GGE expects AnnData (h5ad) files with:

### Required
- `adata.X`: Gene expression matrix (samples × genes)
- `adata.var_names`: Gene identifiers (must overlap between datasets)
- `adata.obs[condition_columns]`: Columns for matching conditions

### Optional
- `adata.obs[split_column]`: Train/test split indicator

## Output Structure

```
output/
├── summary.json          # Aggregate metrics and metadata
├── results.csv           # Per-condition metrics table
├── per_gene_*.csv        # Per-gene metric values
└── plots/
    ├── boxplot_metrics.png
    ├── violin_metrics.png
    ├── radar_split.png
    ├── scatter_grid.png
    └── embedding_pca.png
```

## Contributing

Contributions are welcome!

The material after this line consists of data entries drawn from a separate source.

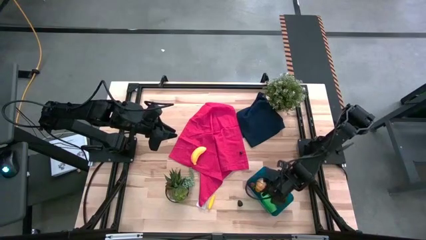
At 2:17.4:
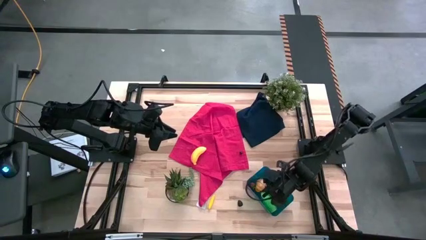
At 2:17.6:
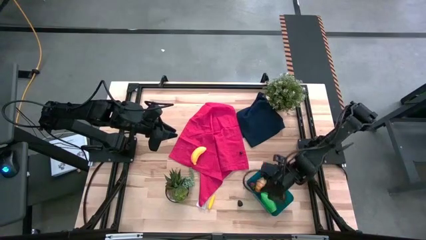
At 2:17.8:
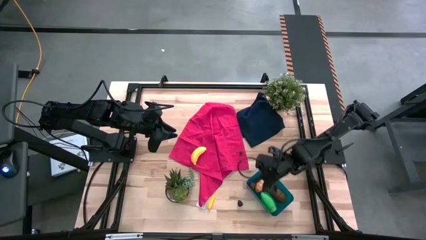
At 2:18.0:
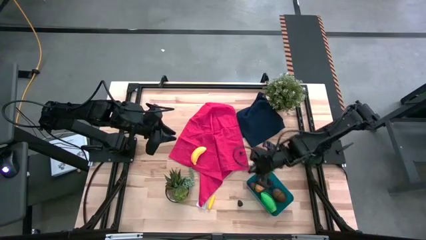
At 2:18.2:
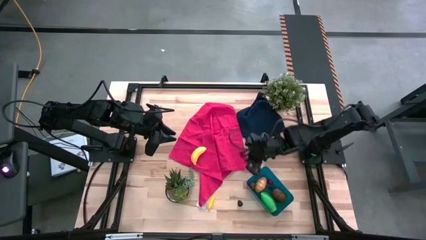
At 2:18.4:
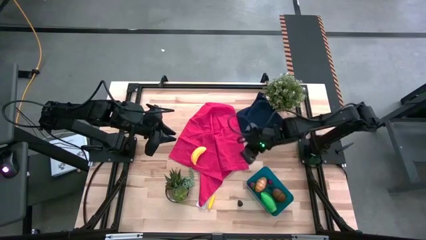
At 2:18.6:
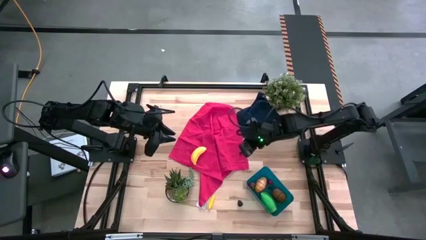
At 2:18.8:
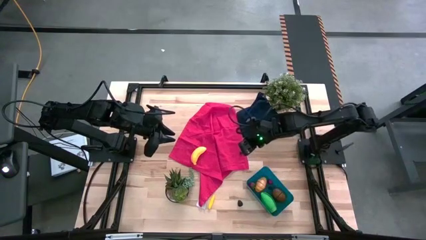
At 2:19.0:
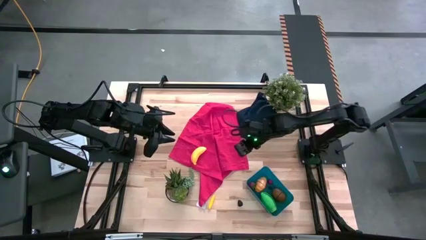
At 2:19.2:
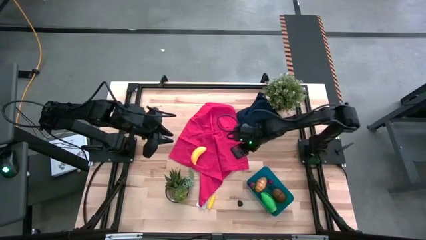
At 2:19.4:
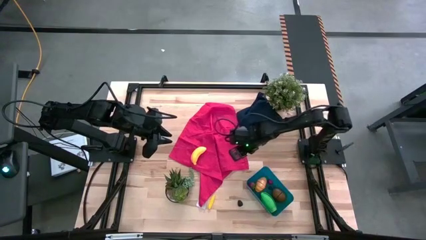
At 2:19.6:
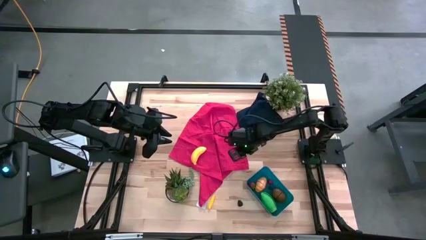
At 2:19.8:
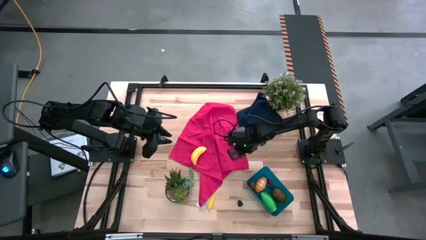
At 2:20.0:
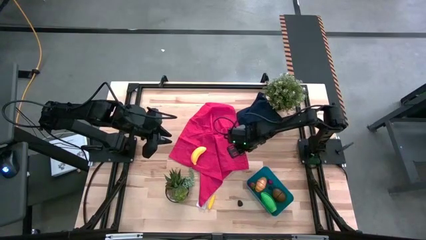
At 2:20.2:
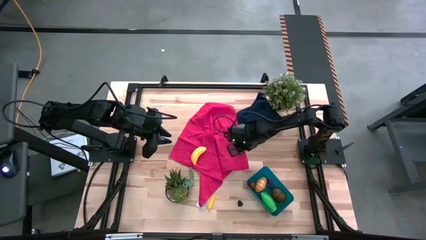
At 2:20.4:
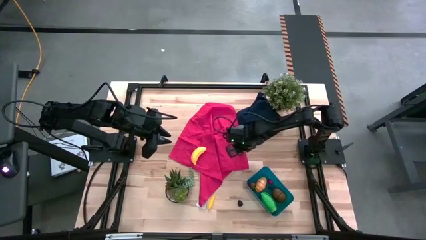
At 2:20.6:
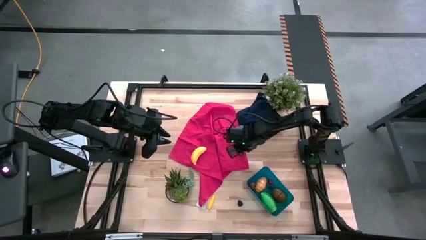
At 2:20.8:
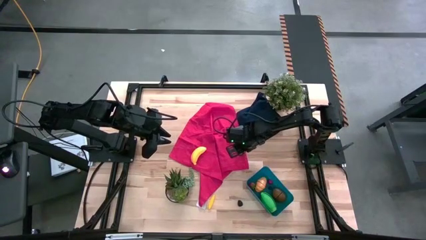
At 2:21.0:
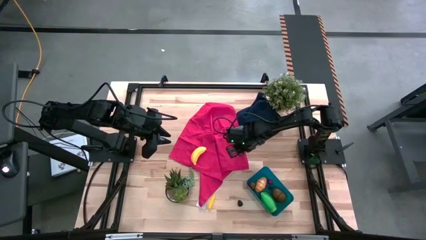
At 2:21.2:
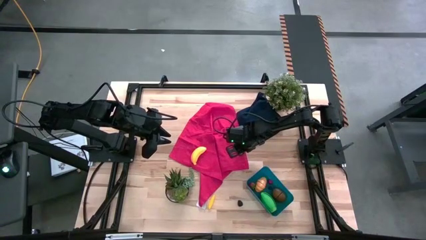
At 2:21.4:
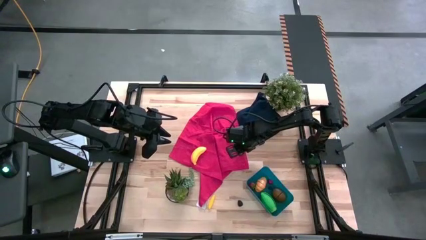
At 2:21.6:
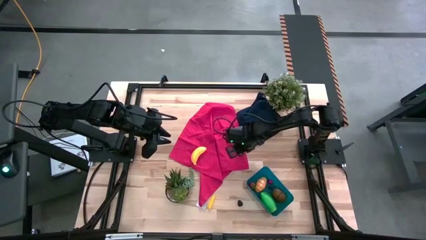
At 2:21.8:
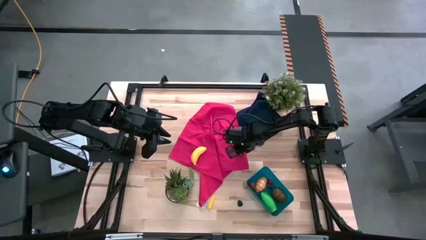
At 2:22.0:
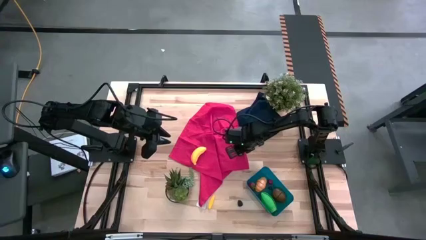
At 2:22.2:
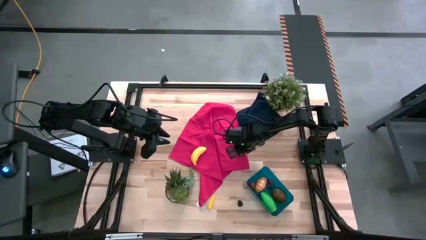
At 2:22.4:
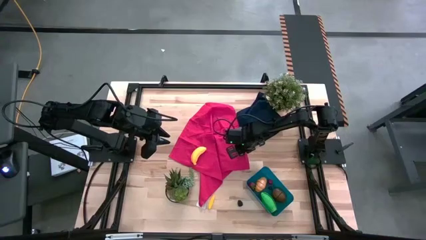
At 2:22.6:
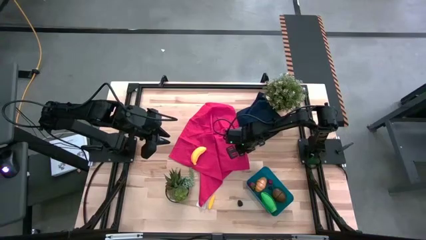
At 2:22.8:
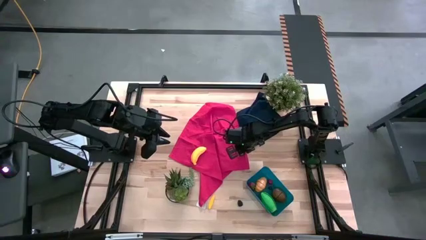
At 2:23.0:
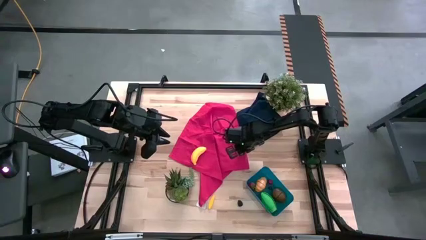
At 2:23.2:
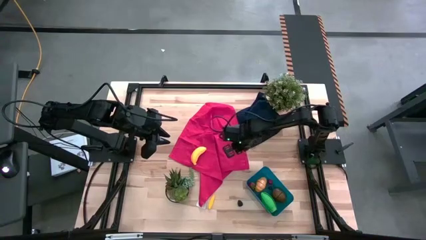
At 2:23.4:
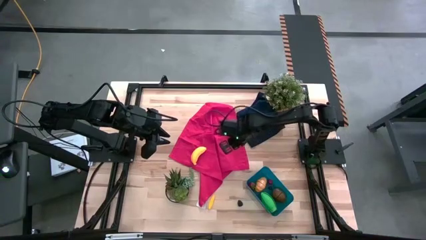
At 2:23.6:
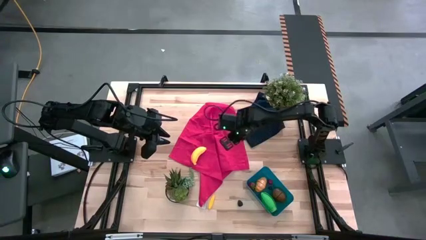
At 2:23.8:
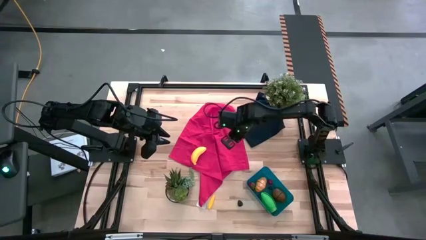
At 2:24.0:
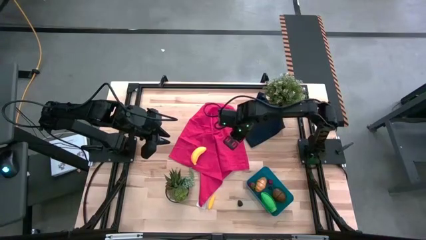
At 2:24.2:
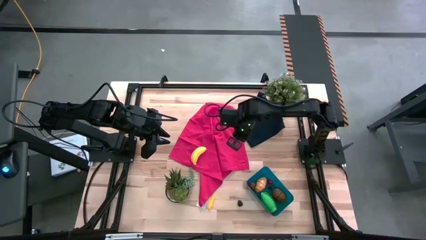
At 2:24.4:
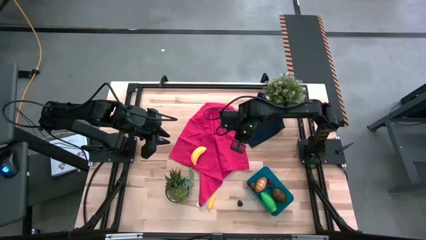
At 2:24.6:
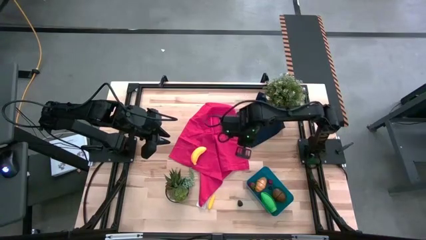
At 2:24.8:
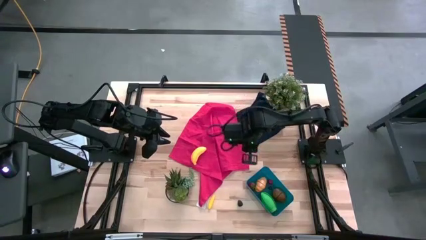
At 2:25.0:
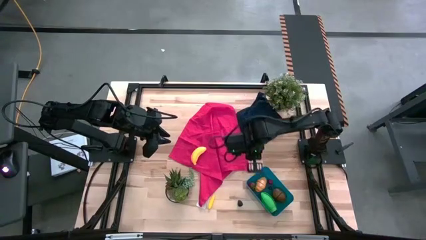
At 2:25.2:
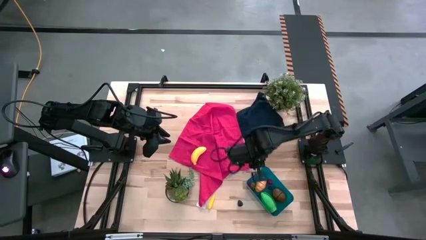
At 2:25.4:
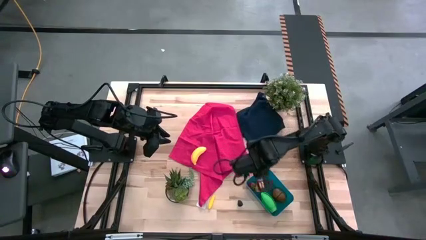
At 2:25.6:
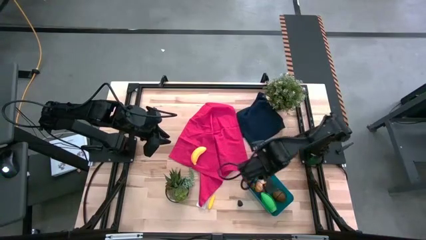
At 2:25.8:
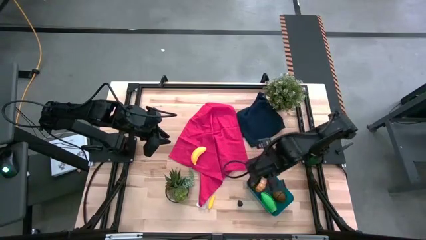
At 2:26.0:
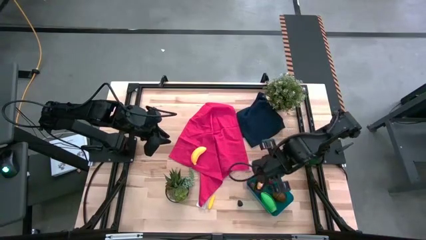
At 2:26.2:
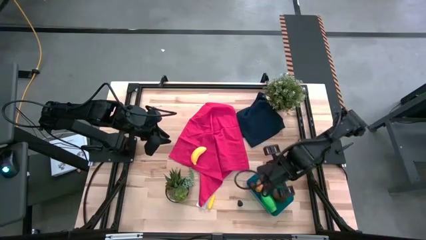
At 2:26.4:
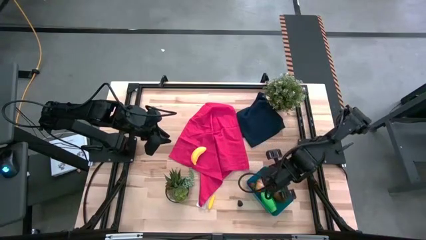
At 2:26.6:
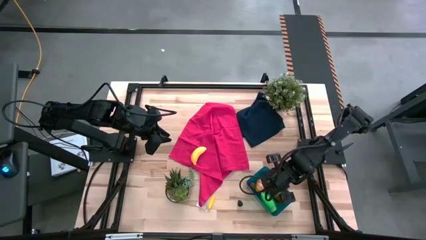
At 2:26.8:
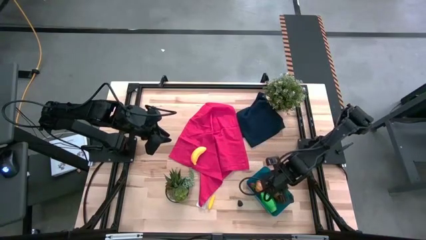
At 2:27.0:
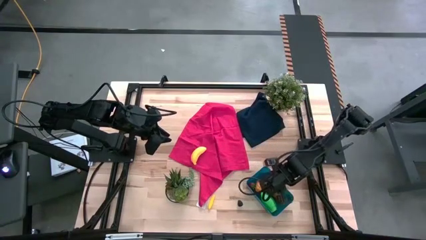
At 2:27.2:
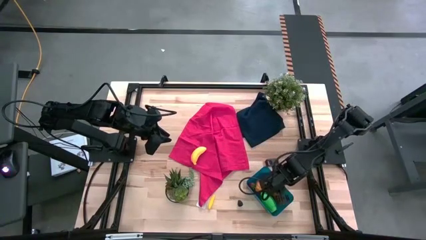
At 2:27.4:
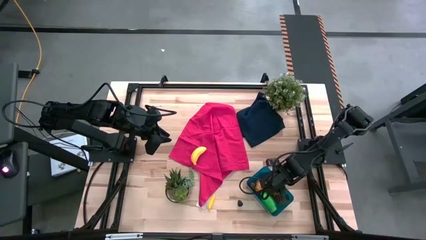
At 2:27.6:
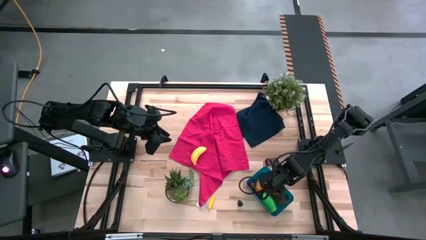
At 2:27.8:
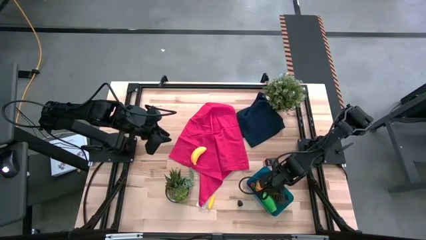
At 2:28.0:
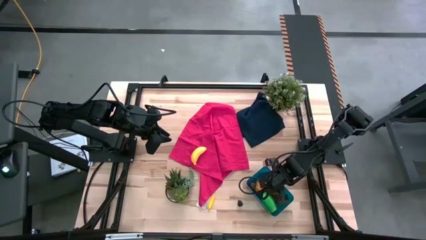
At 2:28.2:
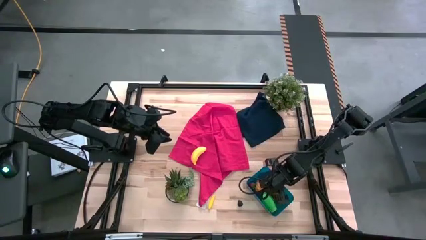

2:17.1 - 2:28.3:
Task: Pick and placing Produce into tupperware
Put the blueberry into the blue bin

Please feel free to submit a pull request or open an issue.

## Citation

If you use GGE in your research, please cite our paper:

```bibtex
@inproceedings{rubbi2026gge,
  title = {A Standardized Framework for Evaluating Gene Expression Generative Models},
  author = {Rubbi, Andrea},
  booktitle = {Gen2 Workshop at the International Conference on Learning Representations (ICLR)},
  year = {2026},
  url = {https://github.com/AndreaRubbi/GGE}
}
```

## License

This project is licensed under the MIT License. See the LICENSE file for details.